Я по-прежнему продолжаю мыть духовку. Это единственное полезное дело, которое могу сделать в царящем вокруг хаосе. Все мои чувства парализованы, и я помогаю себе, как могу.
То, что я отмыл духовку, не помогло матери. Ее спас крепкий череп. В буквальном смысле слова. Только поэтому Фредди тогда не убил ее. На следующий день мать вернулась из больницы с перевязанной головой и обещанием, что мы больше никогда не увидим Фредди. Ее глаза горят решимостью.
– Вы больше никогда его не увидите, – уверяет она нас.
Проходит неделя без Фредди, но потом он все-таки возвращается. Я знаю, что будет дальше, потому что все это уже не раз наблюдал. Он возвращается, извиняется и некоторое время ведет себя вполне сносно. Но его поведение предсказуемо, как погода: зимой всегда холодно, а летом – тепло. Никто не знает, когда он сорвется в следующий раз, но это обязательно случится.
Почему мама ему верит? Не знаю. Но, с другой стороны, понимаю, что наша жизнь может стать еще хуже, если мать от него уйдет.
Я не представлял, что буду делать в ближайшем будущем, но твердо осознал: никогда не буду обращаться со своими детьми так, как обращается с нами Фредди Триплетт. Никогда не буду терроризировать домашних, орать и бить женщин и детей, пить до беспамятства. Но все это придет в далеком будущем, а пока мне надо противостоять Фредди, чтобы не быть похожим на него. Тихая ненависть. Это все, что мне остается.
Во мне стал назревать протест. Конечно, мне с ним не справиться и я не могу с ним драться. Поэтому мог полагаться только на то, что знаю и умею и чего он сделать не в состоянии. Фредди не умел читать, и я решил этим воспользоваться.
Иногда я читал вслух. Просто так, показывая ему то, что умею читать, а он – нет. Да, у меня большие уши, но я хотя бы умею читать. Ты можешь меня побить, но все равно не способен ничего прочитать. Иногда я открывал книгу и громко, чтобы он слышал, спрашивал мать о том, как пишется то или иное слово или какое оно имеет значение.

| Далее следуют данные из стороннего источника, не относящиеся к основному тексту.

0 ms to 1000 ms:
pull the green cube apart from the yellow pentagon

Мать добродушно смотрела на меня, и я читал в ее взгляде: «Сынок, ты сам прекрасно знаешь, как пишется это слово и что оно значит». Но у нас было с ней негласное соглашение не сдаваться. Фредди не сможет нас сломить. Поэтому мать громко отвечала мне: «Не знаю», после чего мы глазами улыбались друг другу.
В ту зиму спустя некоторое время он снова ее избил и отправился куда-то в бар или к приятелям. Мама поднялась с пола, приложила лед к опухшему лицу и начала собирать вещи.

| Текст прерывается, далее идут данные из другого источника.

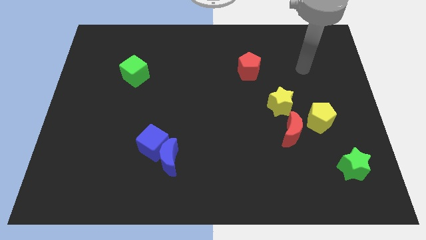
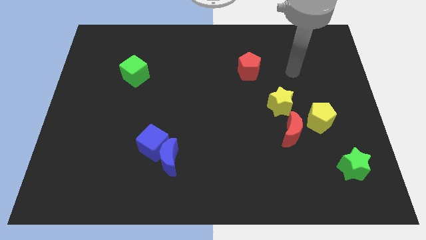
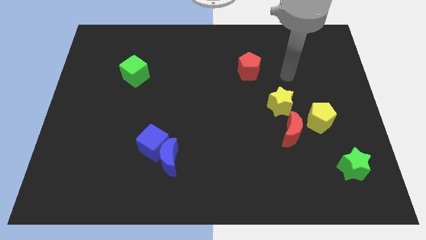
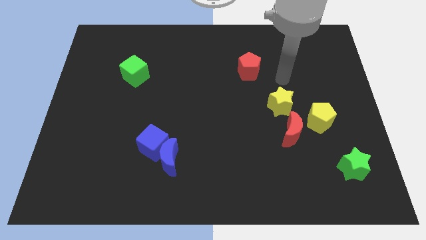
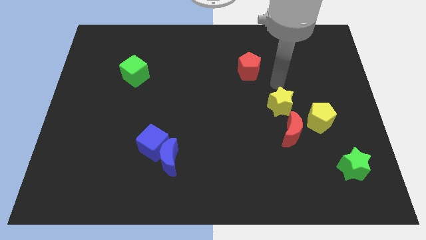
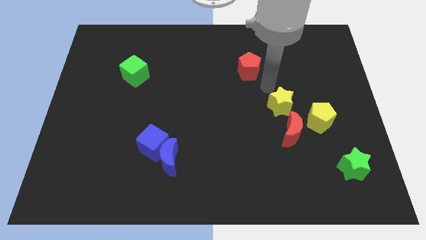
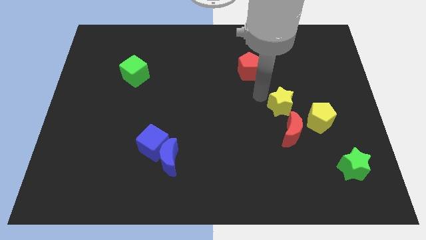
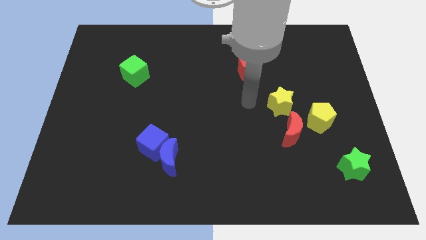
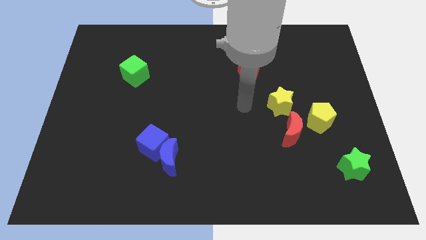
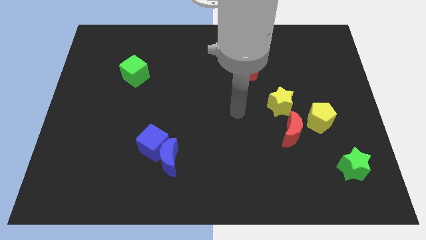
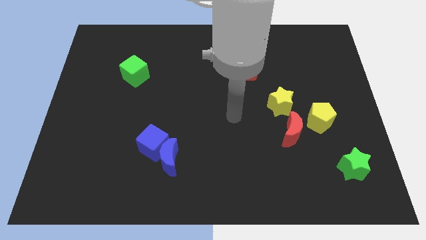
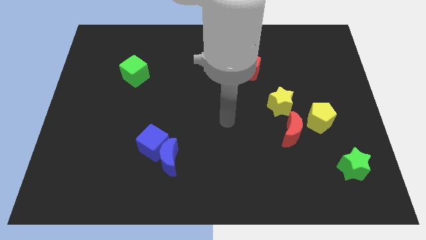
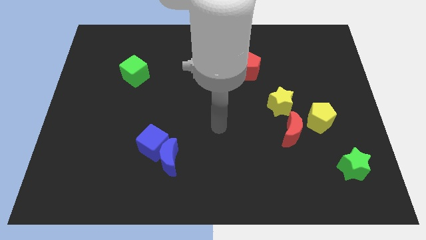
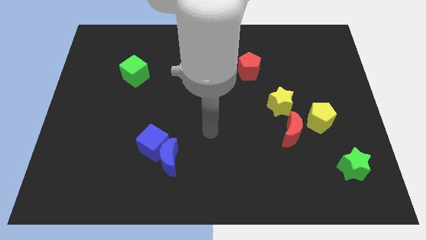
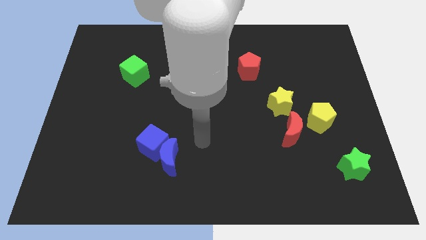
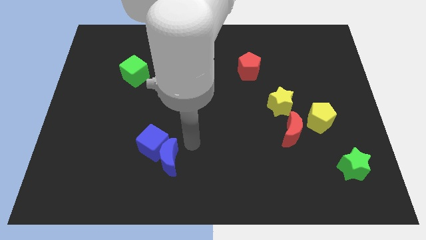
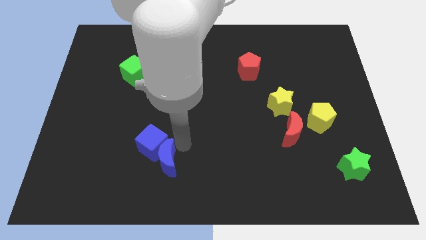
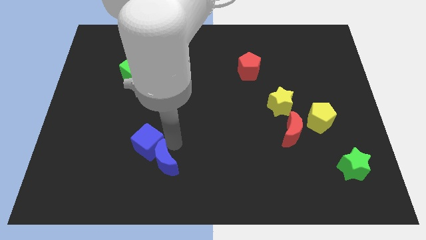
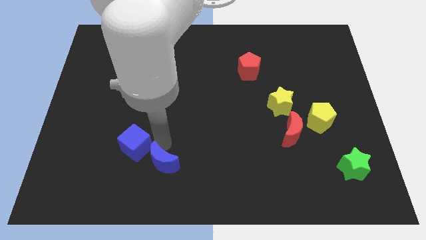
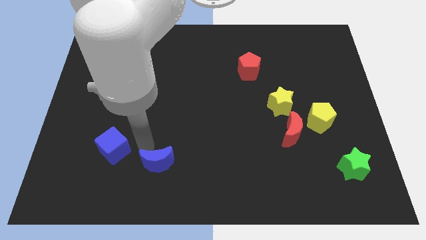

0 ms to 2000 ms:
move the blue moon away from the blue cube

– Нам надо отсюда уходить, – сказала мать мне и Офелии и попросила помочь ей уложить вещи. У нас было мало времени, и мы торопливо побросали вещи в сумку. В тот раз мы ушли не к родственникам, а в квартиру, которую мать сняла на Шестой улице, неподалеку от дома Фредди, на пересечении Восьмой улицы и Райт. Мы сложили наши пожитки в тележку из супермаркета и вчетвером подошли к дому. Мать начала судорожно искать что-то в карманах и сумках.